Arcaneum RDR Postmortem
How to measure improvement in a process.
One of my early goals for the RDR process was to enable postmortems so I can measure the drift between the original prompt and the final stable code. This way I could attempt to improve the process by identifying issues that repeat across RDRs.
You can see the postmortem docs in the Arcaneum repo. But I asked Claude to summarize the results.
From Claude:
Key Findings
17 post-mortems. 208 drift instances. One meta-lesson.
The three biggest sources of plan-vs-reality drift were authoring-process problems, not domain-knowledge gaps — meaning they’re fixable by changing how plans are written.
Key Findings
Code samples in plans are waste. Over-specified code was the #1 drift category (35 instances, 17%). Every single RDR included full class implementations that were completely rewritten. YAML schemas and config formats were never implemented. Code for deferred features was never used. The fix: specify interfaces and behaviors (signatures, contracts, data flow) rather than implementation code.
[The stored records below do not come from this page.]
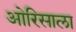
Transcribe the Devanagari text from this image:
ओरिसाला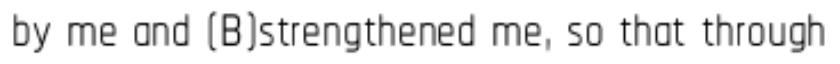
by me and (B)strengthened me, so that through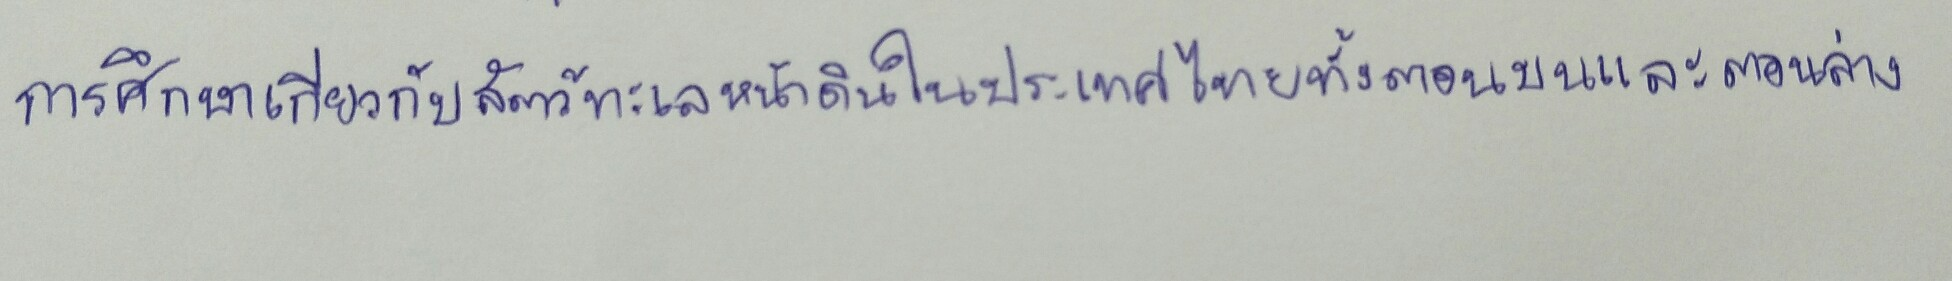
การศึกษาเกี่ยวกับสัตว์ทะเลหน้าดินในประเทศไทยทั้งตอนบนและตอนล่าง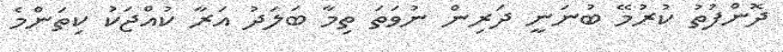
ދޮންފުތު ކުރުމޭ ބުނަނީ ދަރިން ނުވަތަ ތިމާ ބަލަދު އަރާ ކުއްޖަކު ކިތަންމެ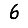
Digit: 6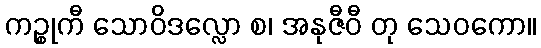
ကဉ္စုကီ သောဝိဒလ္လော စ၊ အနုဇီဝီ တု သေဝကော။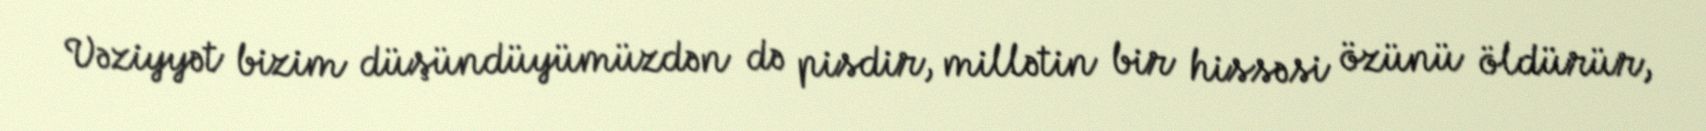
Vəziyyət bizim düşündüyümüzdən də pisdir, millətin bir hissəsi özünü öldürür,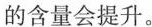
的含量会提升。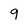
Character: 9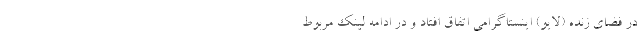
در فضای زنده (لایو) اینستاگرامی اتفاق افتاد و در ادامه لینکِ مربوط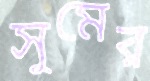
সুমের
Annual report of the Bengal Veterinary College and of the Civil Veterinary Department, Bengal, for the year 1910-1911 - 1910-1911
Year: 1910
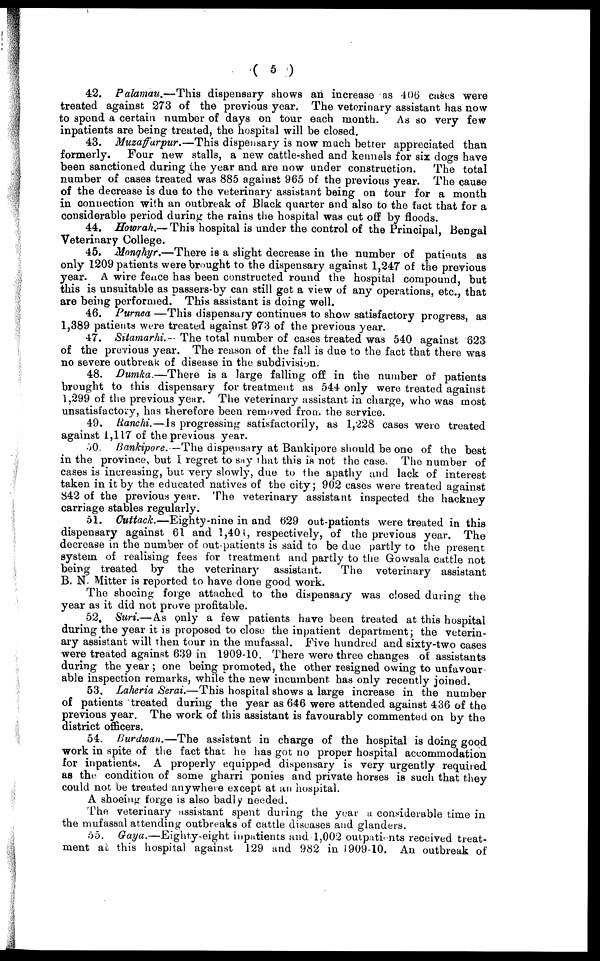
( 5 )
42. Palamau.—This
dispensary shows an increase as 406 cases were
treated against 273 of the previous year. The veterinary assistant has now
to spend a certain number of days on tour each month.
As so very few
inpatients are being treated, the hospital will be closed.
43. Muzaffarpur.—This
dispensary is now much better appreciated than
formerly.
Four new stalls, a new cattle-shed and kennels for six dogs have
been sanctioned during the year and are now under construction.
The total
number of cases treated was 885 against 965 of the previous year. The cause
of the decrease is due to the veterinary assistant being on tour for a month
in connection with an outbreak of Black quarter and also to the fact that for a
considerable period during the rains the hospital was cut off by floods.
44. Howrah.— This hospital is under the control of the Principal, Bengal
Veterinary College.
45. Monghyr.—There is a slight decrease in the number of patisuts as
only 1209 patients were brought to the dispensary against 1,247 of the previous
year. A wire fence has been constructed round the hospital compound, but
this is unsuitable as passers-by can still get a view of any operations, etc., that
are being performed. This assistant is doing well.
46. Purnea —This dispensary continues to show satisfactory progress, as
1,389 patients were treated against 973 of the previous year.
47. Sitamarhi.-- The total number of cases treated was 540 against 623
of the previous year. The reason of the fall is due to the fact that there was
no severe outbreak of disease in the subdivision.
48. Dumka.—There
is a large falling off in the number of patients
brought to this dispensary for treatment as 544 only were treated against
1,299 of the previous year. The veterinary assistant in charge, who was most
unsatisfactory, has therefore been removed from the service.
49. Ranchi.—Is progressing satisfactorily, as 1,228 cases were treated
against 1,117 of the previous year.
50. Bankipore. —The dispensary at Bankipore should be one of the best
in the province, but I regret to say that this is not the case. The number of
cases is increasing, but. very slowly, due to the apathy and lack of interest
taken in it by the educated natives of the city; 902 cases were treated against
842 of the previous year. The veterinary assistant inspected the hackney
carriage stables regularly.
51. Cuttack.—Eighty-nine
in and 629 out-patients were treated in this
dispensary against 61 and 1,404, respectively, of the previous year. The
decrease in the number of out-patients is said to be due partly to the present
system of realising fees for treatment and partly to the Gowsala cattle not
being treated by the veterinary assistant.
The veterinary assistant
B. N. Mitter is reported to have done good work.
The shoeing forge attached to the dispensary was closed during the
year as it did not prove profitable.
52. Suri.— As only a few patients have been treated at this hospital
during the year it is proposed to close the inpatient department; the veterin-
ary assistant will then tour in the mufassal. Five hundred and sixty-two cases
were treated against 639 in 1909-10. There were three changes of assistants
during the year; one being promoted, the other resigned owing to unfavour
able inspection remarks, while the new incumbent has only recently joined.
53. Laheria Serai.—This hospital shows a large increase in the number
of patients treated during the year as 646 were attended against 436 of the
previous year. The work of this assistant is favourably commented on by the
district officers.
54. Burdwan.—The
assistant in charge of the hospital is doing good
work in spite of the fact that he has got no proper hospital accommodation
for inpatients. A properly equipped dispensary is very urgently required
as the condition of some gharri ponies and private horses is such that they
could not be treated anywhere except at an hospital.
A shoeing forge is also badly needed.
The veterinary assistant spent during the year a considerable time in
the mufassal attending outbreaks of cattle diseases and glanders.
55. Gaya.—Eighty-eight
inpatients and 1,002 outpatients received treat-
ment at this hospital against 129 and 982 in 1909-10. An outbreak of

30-minute spikes would have prevented the biggest surprises. Unvalidated assumptions and framework API errors accounted for 45 drift instances across 13 RDRs. Documentation-only research was consistently wrong in detail — method signatures, filter syntax, model coverage all differed from docs. Searching dependency source code (not just reading docs) would have caught the majority.
GPU/memory management was the largest unplanned effort in the project. 8 of 17 RDRs required GPU acceleration or OOM recovery that wasn’t anticipated. One RDR described GPU integration as “low complexity: just add
device='mps'” — the implementation required OOM recovery, GPU poisoning detection, NaN/Inf validation, Metal timeout handling, and systematic garbage collection.“Day 2 operations” are not optional and not future work. List, delete, verify, backup, and info commands for every resource created were consistently deferred to “Future Enhancements” — then all were needed immediately. Day 2 ops represent 30-50% of the actual implementation effort for any feature that creates persistent resources.
Scope was systematically underestimated by 3-5x. CLI commands grew from 9 planned to 30+ built. A 50-line embedding wrapper became a 1,600-line GPU-aware system. A simple sync module became 140KB. The recurring cause: focusing on the happy path without counting error handling, Day 2 operations, and cross-cutting integrations.
Speculative performance targets were universally ignored. 13 of 17 RDRs included specific numeric targets (e.g., “100 PDFs/min”, “query latency < 50ms”). No benchmark infrastructure was created. No target was validated. They consumed authoring effort and created false precision.
CLI namespaces designed in isolation conflict with each other. 8 RDRs made independent naming decisions that required renames (
fulltext→indexes,find→search semantic,inject→store), breaking backwards compatibility.Existing infrastructure was routinely duplicated. Multiple RDRs designed new components when equivalent modules already existed in the codebase. A 5-minute audit of existing code would have prevented redundant designs.
The Meta-Lesson
Specify interfaces and behaviors, not implementations. Verify APIs against source code, not documentation. Plan for the full scope — Day 2 ops, error handling, and cross-cutting concerns — not just the happy path.
— Summarized from the Arcaneum RDR post-mortem synthesis, Claude Code conversation
With this feedback, and postmortems from other projects, I updated my templates in the RDR repo.
Possibly over time I can come up with some sort of index that represents the drift and see if it decreases.
I also would be interested in determining if there are multiple types of RDRs that might require different templates. For example RDRs that specify subsystems that support actual application features (like build tools), where application features would be defined in a different template. Currently I’m using my one-size-fits-all template.